Guttman’s research aims to understand how a newly discovered class of regulatory ribonucleic acid (RNA) molecules called long non-coding RNAs (lncRNAs)—which Guttman first described when he was a graduate student—controls gene activity. By regulating cell growth, many of these lncRNAs are often disrupted in human cancers, but how lncRNAs prevent cancer formation is unknown. To find out, Guttman and his group are exploring how lncRNAs organize protein and DNA molecules in the cell to control precise gene programs.

Recently, by studying an important lncRNA called Xist, Guttman and his lab discovered how this RNA gathers a group of proteins to silence an entire chromosome during embryonic development.

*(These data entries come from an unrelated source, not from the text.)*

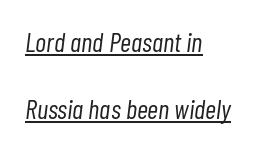
You could fit nearly another row in the gap between these rows. Caption: lettering with a line underneath. Designer's note — italics engaged. These lines keep a tight, regular rhythm from letter to letter. Each stroke keeps to a modest, everyday thickness or less. The lines in this sample share a left origin and differ only in where they stop.
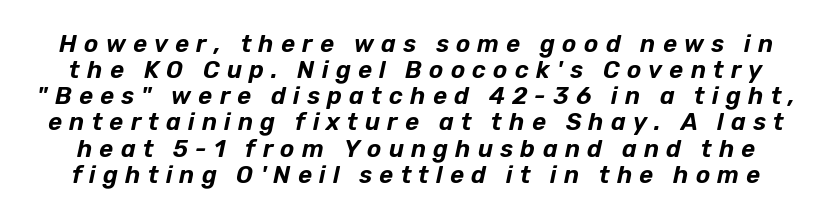
Underline: absent. These lines huddle together more closely than default settings would place them. Italic: yes, the glyphs are oblique. The type is letterspaced generously, with wide tracking.
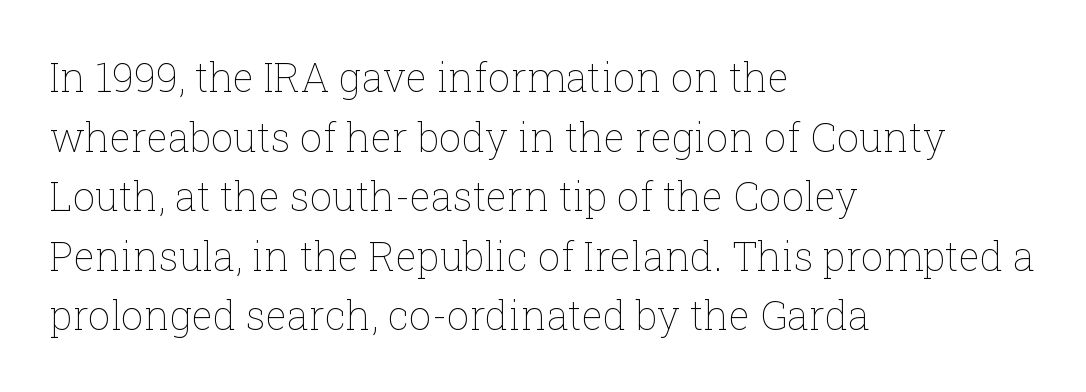
Rows of type keep a routine distance in the vertical direction. The letters look calm and open, with moderate or lighter stems. A typesetter would mark this as roman, not italic. Honestly, there is no underline to notice here at all. The letters advance in unequal steps, a hallmark of proportional type.
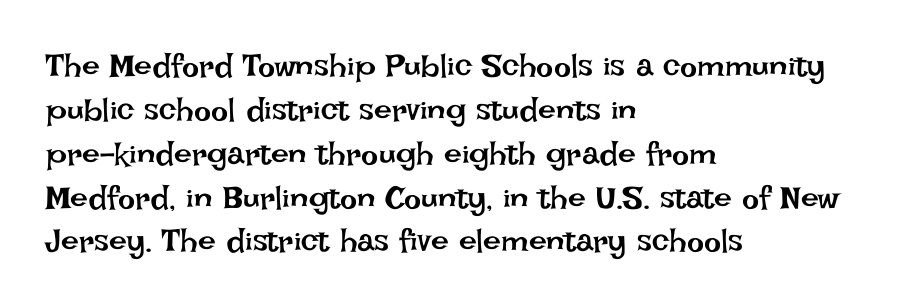
Q: Is the text bold? A: No.
Q: Is the text italic (slanted)? A: No, it is upright.
Q: Is the text underlined? A: No.
Q: How is the paragraph aligned? A: Left-aligned.
Q: Is the spacing between letters normal or unusually wide? A: Normal.
Q: Is the spacing between lines tight, normal or loose? A: Normal.
Q: Width (condensed, normal, or wide)? A: Normal.
Q: Stroke contrast? A: Low.
Q: x-height? A: Large.
Q: Monospaced? A: No.

These findings mark the first time that researchers have uncovered the detailed mechanism of action for lncRNA genes.

Guttman, who joined the Caltech faculty in 2013, received both his BS and MS degrees in 2006 from the University of Pennsylvania and completed his PhD at MIT in 2012. Among other honors, he was named among the 2015 class of Sloan Research Fellows, was the recipient of the 2014 Wilson S. Stone Memorial Award from the MD Anderson Cancer Center in recognition of his “outstanding contribution to biomedical research,” and has been included twice (in 2013 and 2014) on Forbes magazine’s “30 Under 30” list for science.

In addition to funding for cancer research, the Pew Trust also awards Pew Biomedical Scholarships to “young investigators of outstanding promise in science relevant to the advancement of human health.” Caltech Pew Biomedical Scholars include Assistant Professor of Biology Viviana Gradinaru, who received the award in 2013, as well as Professor of Biology Markus Meister, Professor of Biology Kai Zinn, and Howard Hughes Medical Institute Investigator and Max Delbruck Professor of Biology Pamela Bjorkman, who were named Pew Biomedical Scholars in 1993, 1990, and 1989, respectively.